[DATA FOR THIS EXERCISE]
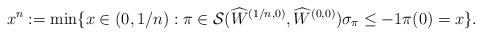
LaTeX: \begin{align*}x^n := \min\{x \in (0,1/n) : \pi \in {\cal S}(\widehat{W}^{(1/n,0)}, \widehat{W}^{(0,0)})\sigma_\pi \leq -1 \pi(0) = x\}.\end{align*}
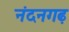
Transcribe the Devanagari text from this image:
नंदनगढ़
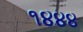
૧૪૪૪
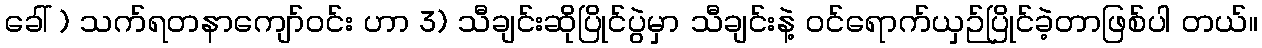
ခေါ် ) သက်ရတနာကျော်ဝင်း ဟာ 3) သီချင်းဆိုပြိုင်ပွဲမှာ သီချင်းနဲ့ ဝင်ရောက်ယှဉ်ပြိုင်ခဲ့တာဖြစ်ပါ တယ်။
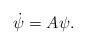
LaTeX: \begin{align*}\dot{\psi}=A\psi.\end{align*}
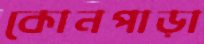
কোনপাড়া
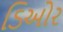
ડિઓર
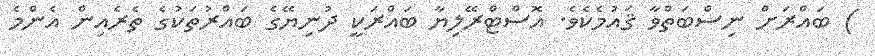
) ބައްރަށް ނިސްބަތްވާ ޤައުމެކެވެ. އޮސްޓްރޭލިޔާ ބައްރަކީ ދުނިޔޭގެ ބައްރުތަކުގެ ތެރެއިން އެންމެ
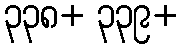
၃၃၈+ ၃၃၉+
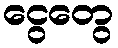
ငွေတွေ
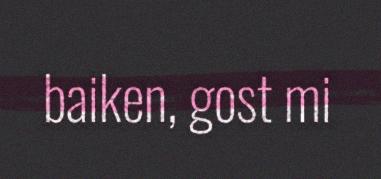
baiken, gost mi
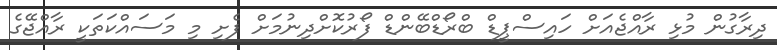
ދިރާގުން މުޅި ރާއްޖެއަށް ހައިސްޕީޑް ބްރޯޑްބޭންޑް ފޯރުކޮށްދިނުމަށް ފެށި މި މަސައްކަތަކީ ރާއްޖޭގެ
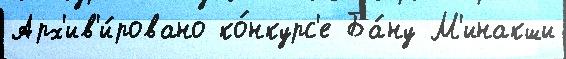
Арх'ив'и́ровано ко́нкурс'е Ба́ну М'инакши
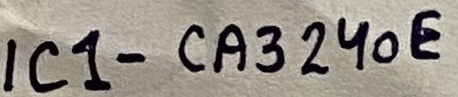
Text: IC1-CA324oE
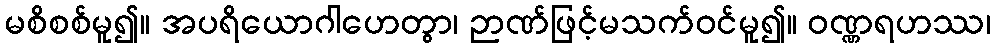
မစိစစ်မူ၍။ အပရိယောဂါဟေတွာ၊ ဉာဏ်ဖြင့်မသက်ဝင်မူ၍။ ဝဏ္ဏရဟဿ၊
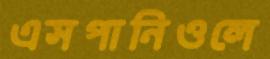
এসপানিওলে
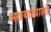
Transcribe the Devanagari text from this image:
अखबारवालो
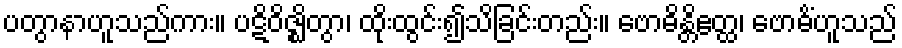
ပတွာနာဟူသည်ကား။ ပဋိဝိဇ္ဈိတွာ၊ ထိုးထွင်း၍သိခြင်းတည်း။ ဗောဓိန္တိဧတ္ထ၊ ဗောဓိံဟူသည်
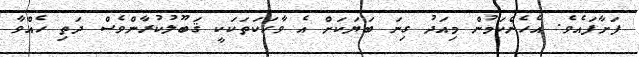
ފަށާފައެވެ. އެހެންކަމުން މިއަދު ގިނަ ބަޔަކަށް އެ ވާހަކަތަކަކީ ޤަބޫލުކުރާންވެސް ދަތި ހެއްވާ
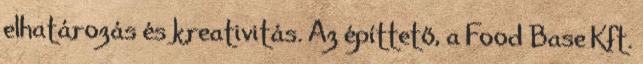
elhatározás és kreativitás. Az építtető, a Food Base Kft.
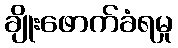
ချိုးဖောက်ခံရမှု
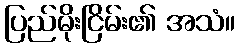
ပြည်မိုးငြိမ်း၏ အသံ။
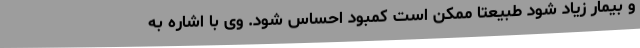
و بیمار زیاد شود طبیعتاً ممکن است کمبود احساس شود. وی با اشاره به
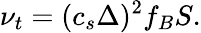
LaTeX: \nu_{t}=(c_{s}\Delta)^{2}f_{B}S.
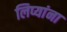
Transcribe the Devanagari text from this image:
लिप्यांना
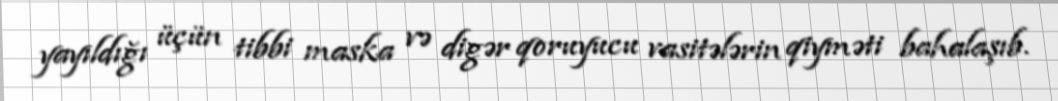
yayıldığı üçün tibbi maska və digər qoruyucu vasitələrin qiyməti bahalaşıb.
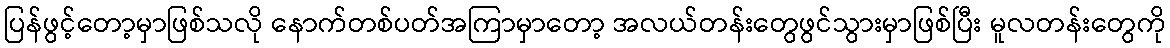
ပြန်ဖွင့်တော့မှာဖြစ်သလို နောက်တစ်ပတ်အကြာမှာတော့ အလယ်တန်းတွေဖွင်သွားမှာဖြစ်ပြီး မူလတန်းတွေကို
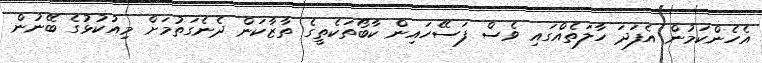
އެހެންކަމުން އެފަދަ ހާލަތެއްގައި ވެސް ފަސޭހައިން ކާބޯތަކެތީގެ ތާޒާކަން ދެނެގަތުމަށް މިއުކުޅުގެ ބޭނުން
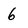
Character: 6
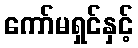
ကော်မရှင်နှင့်
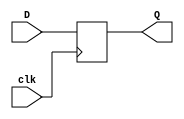
//// Zuhair Shaikh and Brant Lan Li
// D Flip Flop
// ELEC374 - Digital Systems Engineering
// Department of Electrical and Computer Engineering
// Queen's University 

module d_ff(
	input wire D,
	input wire clk,
	output reg Q
	);
	
	always @ (posedge clk)
		begin
			Q <= D;
		end
endmodule
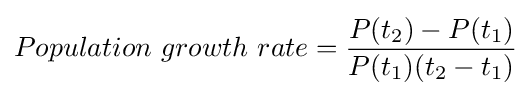
Population\ growth\ rate={\frac {P(t_{2})-P(t_{1})}{P(t_{1})(t_{2}-t_{1})}}
[/DATA FOR THIS EXERCISE]
- _TRY IT_
Only the lines containing the string "LaTeX" are needed; pull them out of the records.

- _EXERCISE ANSWER_
LaTeX: \begin{align*}x^n := \min\{x \in (0,1/n) : \pi \in {\cal S}(\widehat{W}^{(1/n,0)}, \widehat{W}^{(0,0)})\sigma_\pi \leq -1 \pi(0) = x\}.\end{align*}
LaTeX: \begin{align*}\dot{\psi}=A\psi.\end{align*}
LaTeX: \nu_{t}=(c_{s}\Delta)^{2}f_{B}S.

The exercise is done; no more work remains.